Brasília, 09 (AE) - A 2ª Seção do Superior Tribunal de Justiça (STJ) decidiu hoje que o Índice de Preços ao Consumidor (IPC) deve ser aplicado para corrigir monetariamente as prestações do mês abril de 1990, no Plano Collor, de contratos de financiamentos imobiliários. Em tese, a decisão livrou a Caixa Econômica Federal (CEF) de ter de devolver R$ 12 bilhões aos mutuários que, em sua maioria, pagaram pelo IPC de março, de 84,32%. O procurador-geral da Fazenda Nacional, Almir Bastos, acrescentou que o sistema financeiro deixa de ter de desembolsar cerca de R$ 50 bilhões em decorrência da decisão.
Apesar da vitória de hoje, setores do governo, como o Banco Central, consideram que ainda não está claro qual é o índice a ser aplicado para corrigir contratos da época do Plano Collor. Eles lembram que a 1ª Seção do STJ decidiu no ano passado que a poupança deve ser corrigida pelo BTNF. Por causa dessa divergência, existem autoridades que acreditam que o caso possa parar na Corte Especial do STJ. O BC também está preocupado com uma ação que aguarda julgamento pelo Supremo Tribunal Federal (STF) na qual se discute o índice de correção da poupança.

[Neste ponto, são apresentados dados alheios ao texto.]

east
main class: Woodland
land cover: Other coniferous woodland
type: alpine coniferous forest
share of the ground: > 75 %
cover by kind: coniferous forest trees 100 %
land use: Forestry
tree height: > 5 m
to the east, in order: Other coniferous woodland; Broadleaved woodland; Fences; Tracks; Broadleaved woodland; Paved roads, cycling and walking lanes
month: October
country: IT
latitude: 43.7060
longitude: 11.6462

O advogado Arnoldo Wald, que representa o Bradesco, considera que a discussão sobre correção monetária dos contratos de financiamento imobiliário não vai para o STF porque a matéria não é constitucional.
Arnoldo Wald acrescentou que se a 2ª Seção tivesse determinado que o BTNF deveria ser o índice, o Fundo de Garantia por Tempo de Serviço (FGTS) teria de devolver de R$ 20 bilhões a R$ 30 bilhões.

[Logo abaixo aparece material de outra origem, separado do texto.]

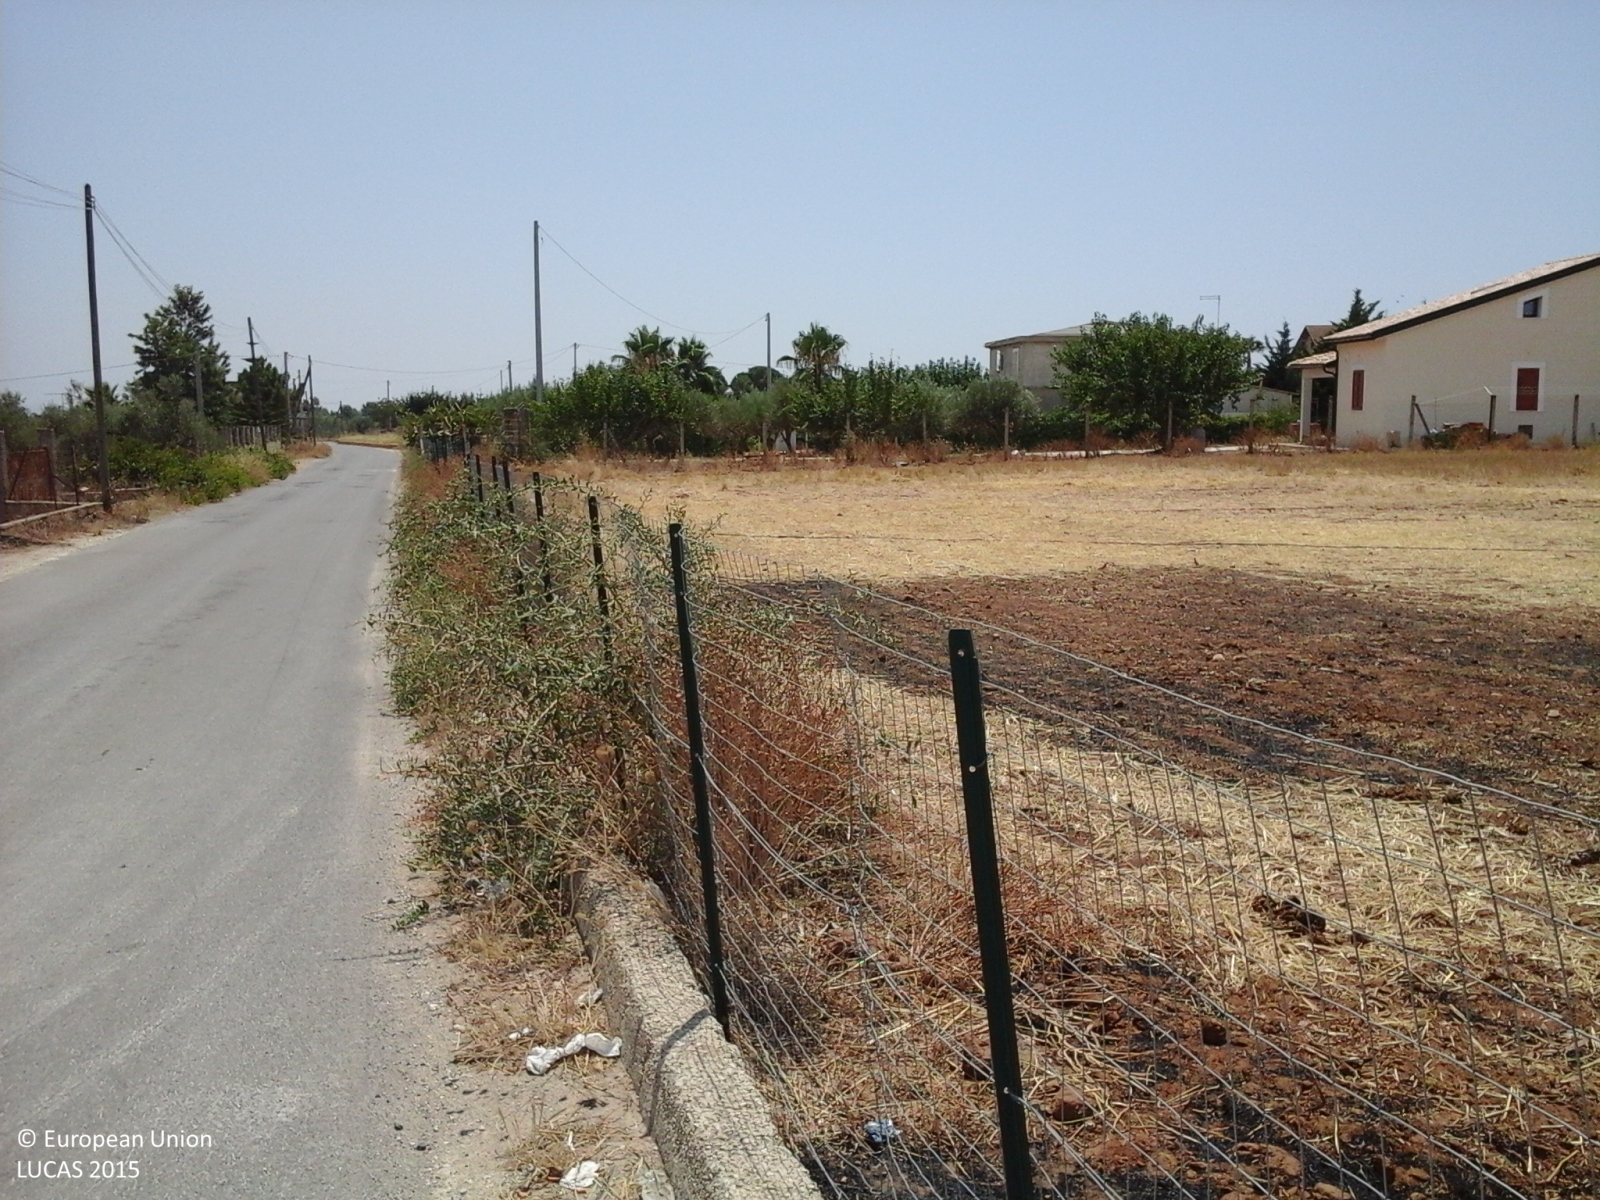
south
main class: Cropland
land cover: Durum wheat
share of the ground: > 75 %
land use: Agriculture (excluding fallow land and kitchen gardens)
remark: Burnt area
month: July
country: IT
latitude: 37.1541
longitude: 14.4133

O procurador da Fazenda Nacional informou que alguns mutuários, amparados em decisões judiciais de instâncias inferiores ao STJ, pagaram a correção pelo BTNF. Almir Bastos não soube dizer quantos mutuários foram beneficiados por essa decisão. O STJ informou que os processos julgados hoje pela 2ª Seção foram encaminhados ao tribunal em 1997.